A médica Milena Ricardo Alves Moreira explica que a baixa arborização agrava problemas respiratórios como o de Márcia, enquanto áreas verdes ajudam a estabilizar a temperatura e manter a umidade do ar. "Quanto mais arborizada uma cidade, mais estável é o clima — e menor o impacto na saúde", reforça. Ela ainda destaca que as mudanças climáticas e a seca intensificada no DF têm impactado diretamente a saúde respiratória da população. "O calor excessivo, o tempo muito seco e as variações bruscas de temperatura afetam, principalmente, crianças, idosos e pessoas com asma, bronquite ou DPOC (Doença Pulmonar Obstrutiva Crônica)", afirma. 

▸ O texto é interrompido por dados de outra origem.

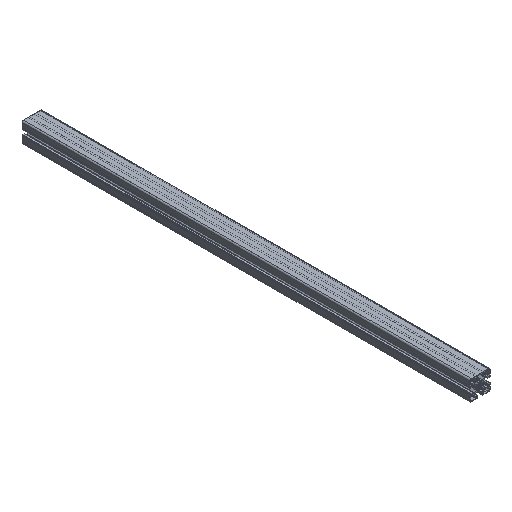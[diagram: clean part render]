
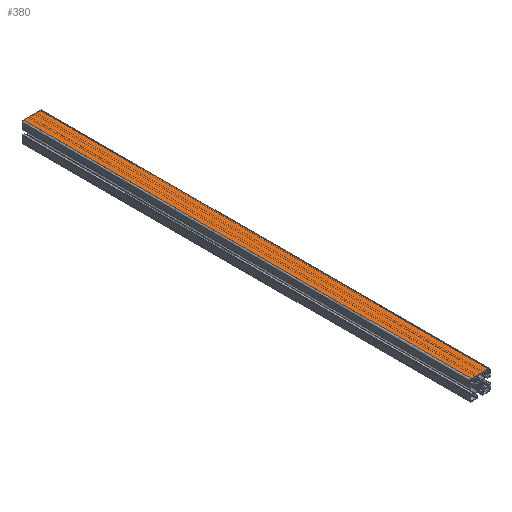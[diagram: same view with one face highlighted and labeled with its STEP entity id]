
A CAD part, isometric view. The second image highlights one B-rep face of the part: STEP entity #380.
In plain terms, the highlighted planar face has unit normal (0, 0, 1).
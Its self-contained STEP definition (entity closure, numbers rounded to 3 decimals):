
#380=ADVANCED_FACE('',(#858),#859,.F.);
#858=FACE_OUTER_BOUND('',#1346,.T.);
#859=PLANE('',#1347);
#1346=EDGE_LOOP('',(#3421,#3422,#3423,#3424));
#1347=AXIS2_PLACEMENT_3D('',#3425,#3426,#3427);
#3421=ORIENTED_EDGE('',*,*,#4001,.F.);
#3422=ORIENTED_EDGE('',*,*,#4196,.F.);
#3423=ORIENTED_EDGE('',*,*,#3720,.F.);
#3424=ORIENTED_EDGE('',*,*,#4195,.T.);
#3425=CARTESIAN_POINT('',(-0.023,3500.0,22.5));
#3426=DIRECTION('',(0.,0.,-1.0));
#3427=DIRECTION('',(-1.0,0.,0.));
#3720=EDGE_CURVE('',#4649,#4651,#4652,.T.);
#4001=EDGE_CURVE('',#5083,#5085,#5086,.T.);
#4195=EDGE_CURVE('',#4649,#5085,#5375,.T.);
#4196=EDGE_CURVE('',#4651,#5083,#5376,.T.);
#4649=VERTEX_POINT('',#5922);
#4651=VERTEX_POINT('',#5924);
#4652=LINE('',#5925,#5926);
#5083=VERTEX_POINT('',#6549);
#5085=VERTEX_POINT('',#6551);
#5086=LINE('',#6552,#6553);
#5375=LINE('',#6980,#6981);
#5376=LINE('',#6982,#6983);
#5922=CARTESIAN_POINT('',(-19.523,1000.0,22.5));
#5924=CARTESIAN_POINT('',(19.477,1000.0,22.5));
#5925=CARTESIAN_POINT('',(-0.023,1000.0,22.5));
#5926=VECTOR('',#7482,1.0);
#6549=CARTESIAN_POINT('',(19.477,0.0,22.5));
#6551=CARTESIAN_POINT('',(-19.523,0.0,22.5));
#6552=CARTESIAN_POINT('',(-0.023,0.0,22.5));
#6553=VECTOR('',#7939,1.0);
#6980=CARTESIAN_POINT('',(-19.523,3500.0,22.5));
#6981=VECTOR('',#8243,1.0);
#6982=CARTESIAN_POINT('',(19.477,3500.0,22.5));
#6983=VECTOR('',#8244,1.0);
#7482=DIRECTION('',(1.0,0.,0.));
#7939=DIRECTION('',(-1.0,0.,0.));
#8243=DIRECTION('',(0.,-1.0,0.0));
#8244=DIRECTION('',(0.,-1.0,0.0));

As mudanças climáticas também têm impactado eventos na capital do país. No Riacho Fundo II, o Circuito T&T de Rodeio foi interrompido em 2 de novembro depois que um vendaval atingiu a estrutura do evento, arrancando lonas, derrubando banheiros químicos e placas de fechamento. O organizador, Orleans Araújo, conta que não havia previsão de risco. "Quando esse vento vem, que está cada vez mais alarmante, as tendas são as primeiras a ir embora", diz. Além dos danos, o cancelamento trouxe prejuízo financeiro. "Foram R$ 120 mil, e teve vendedor que perdeu mesas, cadeiras e voltou para casa no vermelho", relata.

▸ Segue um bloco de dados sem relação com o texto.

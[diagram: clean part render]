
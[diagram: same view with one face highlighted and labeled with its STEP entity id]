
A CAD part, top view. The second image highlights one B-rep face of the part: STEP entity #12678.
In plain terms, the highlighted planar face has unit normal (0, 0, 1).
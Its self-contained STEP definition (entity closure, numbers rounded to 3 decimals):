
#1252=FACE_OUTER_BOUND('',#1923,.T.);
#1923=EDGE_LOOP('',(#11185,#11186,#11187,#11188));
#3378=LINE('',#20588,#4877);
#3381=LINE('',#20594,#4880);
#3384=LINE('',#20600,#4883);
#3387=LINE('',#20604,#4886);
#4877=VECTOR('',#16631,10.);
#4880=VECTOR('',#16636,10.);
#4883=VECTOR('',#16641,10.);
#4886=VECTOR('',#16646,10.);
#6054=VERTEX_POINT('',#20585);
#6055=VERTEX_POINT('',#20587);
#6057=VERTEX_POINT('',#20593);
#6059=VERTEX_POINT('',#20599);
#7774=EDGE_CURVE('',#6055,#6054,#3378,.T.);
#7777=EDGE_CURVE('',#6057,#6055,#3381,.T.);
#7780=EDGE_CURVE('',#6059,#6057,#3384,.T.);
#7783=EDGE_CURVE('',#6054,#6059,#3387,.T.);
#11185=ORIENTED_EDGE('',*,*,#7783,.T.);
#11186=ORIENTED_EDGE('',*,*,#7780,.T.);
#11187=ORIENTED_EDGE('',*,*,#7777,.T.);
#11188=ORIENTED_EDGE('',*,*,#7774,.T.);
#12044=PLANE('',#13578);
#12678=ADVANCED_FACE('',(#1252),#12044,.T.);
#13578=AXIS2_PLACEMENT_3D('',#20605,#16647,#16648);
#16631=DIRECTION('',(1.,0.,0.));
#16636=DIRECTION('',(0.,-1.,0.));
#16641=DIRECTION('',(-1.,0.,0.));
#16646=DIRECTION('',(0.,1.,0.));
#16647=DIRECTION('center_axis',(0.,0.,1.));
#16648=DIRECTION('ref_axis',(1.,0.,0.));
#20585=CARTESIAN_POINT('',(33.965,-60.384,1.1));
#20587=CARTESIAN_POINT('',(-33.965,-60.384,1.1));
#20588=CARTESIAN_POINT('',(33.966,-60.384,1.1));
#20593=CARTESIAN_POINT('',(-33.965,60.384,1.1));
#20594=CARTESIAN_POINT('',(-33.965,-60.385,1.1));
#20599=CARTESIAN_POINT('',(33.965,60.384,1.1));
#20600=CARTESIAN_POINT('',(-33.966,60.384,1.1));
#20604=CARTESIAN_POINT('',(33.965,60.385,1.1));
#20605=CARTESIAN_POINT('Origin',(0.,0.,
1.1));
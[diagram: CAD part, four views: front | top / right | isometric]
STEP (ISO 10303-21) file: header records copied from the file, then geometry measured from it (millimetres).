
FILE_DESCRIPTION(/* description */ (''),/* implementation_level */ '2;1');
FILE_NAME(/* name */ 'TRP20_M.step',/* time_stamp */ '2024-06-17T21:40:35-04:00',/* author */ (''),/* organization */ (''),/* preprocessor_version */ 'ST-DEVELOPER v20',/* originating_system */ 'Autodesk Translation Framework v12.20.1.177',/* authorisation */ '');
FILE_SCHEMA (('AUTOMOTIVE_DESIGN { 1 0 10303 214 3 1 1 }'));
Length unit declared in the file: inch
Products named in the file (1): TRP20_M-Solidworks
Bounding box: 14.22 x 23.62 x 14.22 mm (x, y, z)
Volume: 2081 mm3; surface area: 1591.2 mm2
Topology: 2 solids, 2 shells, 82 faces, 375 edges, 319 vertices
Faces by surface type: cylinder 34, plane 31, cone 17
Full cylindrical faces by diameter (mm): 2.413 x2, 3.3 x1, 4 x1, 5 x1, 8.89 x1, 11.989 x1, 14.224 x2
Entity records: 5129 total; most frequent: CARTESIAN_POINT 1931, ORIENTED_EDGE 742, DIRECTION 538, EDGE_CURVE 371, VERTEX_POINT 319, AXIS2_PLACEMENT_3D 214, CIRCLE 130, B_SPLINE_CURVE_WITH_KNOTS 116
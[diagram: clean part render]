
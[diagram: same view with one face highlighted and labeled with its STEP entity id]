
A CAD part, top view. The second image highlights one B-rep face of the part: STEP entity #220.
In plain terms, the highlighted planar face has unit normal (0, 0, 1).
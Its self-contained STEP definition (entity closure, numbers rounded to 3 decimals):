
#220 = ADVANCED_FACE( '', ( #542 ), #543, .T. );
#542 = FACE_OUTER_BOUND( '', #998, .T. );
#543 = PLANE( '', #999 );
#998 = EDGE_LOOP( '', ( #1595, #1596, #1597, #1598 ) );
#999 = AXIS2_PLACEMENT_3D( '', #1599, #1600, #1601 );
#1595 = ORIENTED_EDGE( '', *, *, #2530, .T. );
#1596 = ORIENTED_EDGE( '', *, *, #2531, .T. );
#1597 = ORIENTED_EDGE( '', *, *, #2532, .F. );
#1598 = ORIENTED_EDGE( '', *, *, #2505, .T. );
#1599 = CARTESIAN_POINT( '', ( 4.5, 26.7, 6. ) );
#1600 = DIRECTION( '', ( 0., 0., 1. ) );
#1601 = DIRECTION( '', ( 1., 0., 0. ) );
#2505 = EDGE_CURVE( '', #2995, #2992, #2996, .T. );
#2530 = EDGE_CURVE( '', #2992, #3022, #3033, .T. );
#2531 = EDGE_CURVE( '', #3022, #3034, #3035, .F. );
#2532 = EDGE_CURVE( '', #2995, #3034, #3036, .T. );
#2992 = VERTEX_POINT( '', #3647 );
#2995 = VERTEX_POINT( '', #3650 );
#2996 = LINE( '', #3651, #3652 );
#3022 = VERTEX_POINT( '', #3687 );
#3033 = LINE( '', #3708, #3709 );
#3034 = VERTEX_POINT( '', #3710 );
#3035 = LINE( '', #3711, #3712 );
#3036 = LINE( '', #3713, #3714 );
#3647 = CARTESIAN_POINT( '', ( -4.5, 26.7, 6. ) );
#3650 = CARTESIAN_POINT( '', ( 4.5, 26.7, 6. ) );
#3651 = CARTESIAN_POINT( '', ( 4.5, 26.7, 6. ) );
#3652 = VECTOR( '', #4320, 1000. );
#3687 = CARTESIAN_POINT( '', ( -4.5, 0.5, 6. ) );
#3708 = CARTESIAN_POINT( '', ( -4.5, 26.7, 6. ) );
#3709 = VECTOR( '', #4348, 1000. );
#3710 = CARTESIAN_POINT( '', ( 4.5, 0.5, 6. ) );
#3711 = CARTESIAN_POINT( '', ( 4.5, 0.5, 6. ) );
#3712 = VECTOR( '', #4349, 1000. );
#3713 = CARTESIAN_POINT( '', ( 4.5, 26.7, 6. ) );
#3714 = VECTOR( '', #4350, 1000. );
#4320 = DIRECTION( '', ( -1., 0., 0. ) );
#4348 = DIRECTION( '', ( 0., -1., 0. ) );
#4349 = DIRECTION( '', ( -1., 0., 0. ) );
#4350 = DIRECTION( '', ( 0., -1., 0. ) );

Temporal do Riacho Fundo II derrubou placas de fechamento e banheiros químicos de rodeio
Temporal do Riacho Fundo II derrubou placas e banheiros químicos de um evento (foto: Arquivo pessoal)

 

Agricultura

No Núcleo Rural Tabatinga, no Paranoá, o clima deixou de ser apenas um fator de atenção e passou a ser um risco real para quem vive da terra. Produtor há três décadas, Tiago Falqueto viu a previsibilidade desaparecer. "Antigamente a gente tinha mais assertividade em relação às chuvas, até previsão popular funcionava. Hoje, nem a científica acerta", relata. As mudanças no regime de chuva e as variações de temperatura se converteram em prejuízo. "Todo ano tenho uma perda considerável de abacates que queimam por conta do sol quente. E a soja, quando dá um veranico, dependendo da fase que pega a soja, chegamos a perder até 20% do nosso potencial produtivo", lamenta.

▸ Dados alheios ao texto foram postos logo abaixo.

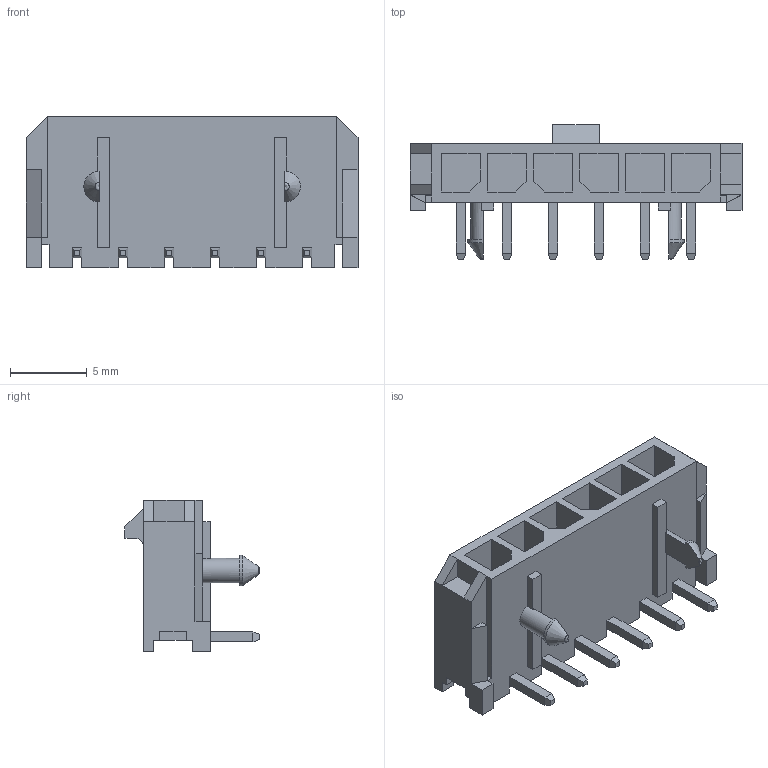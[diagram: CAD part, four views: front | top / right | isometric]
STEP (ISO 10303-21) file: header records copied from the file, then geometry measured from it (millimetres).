
FILE_DESCRIPTION(('STEP AP242'),'1');
FILE_NAME('43650-0601.stp','2021-07-31T18:00:00',('TraceParts'),('TraceParts S.A.'),'Spatial InterOp 3D',' ',' ');
FILE_SCHEMA(('AP242_MANAGED_MODEL_BASED_3D_ENGINEERING_MIM_LF {1 0 10303 442 1 1 4}'));
Length unit declared in the file: millimetre
Products named in the file (1): 43650-0601_1
Bounding box: 21.64 x 8.75 x 9.9 mm (x, y, z)
Volume: 540.7 mm3; surface area: 1229.2 mm2
Topology: 1 solids, 1 shells, 235 faces, 647 edges, 446 vertices
Faces by surface type: plane 226, cylinder 5, cone 2, torus 1, bspline 1
Entity records: 7294 total; most frequent: CARTESIAN_POINT 1305, ORIENTED_EDGE 1240, DIRECTION 1153, EDGE_CURVE 620, LINE 609, VECTOR 609, VERTEX_POINT 396, AXIS2_PLACEMENT_3D 272

Para continuar as plantações, Tiago adaptou as técnicas na tentativa de proteger o solo e reduzir os impactos das temperaturas extremas. A aposta é no plantio direto, prática que mantém a palhada sobre o solo para evitar a evaporação rápida de água e preservar a umidade. "É uma técnica que protege o meio ambiente e reduz emissão de poluentes, porque diminui o uso de máquinas", explica.

 11/11/2025 Bruna Gaston CB/DA Press. O clima e os malefícios para plantações. Thiago Falqueto
Tiago adaptou as técnicas na tentativa de proteger o solo e reduzir os impactos das temperaturas extremas (foto: Bruna Gaston CB/DA Press)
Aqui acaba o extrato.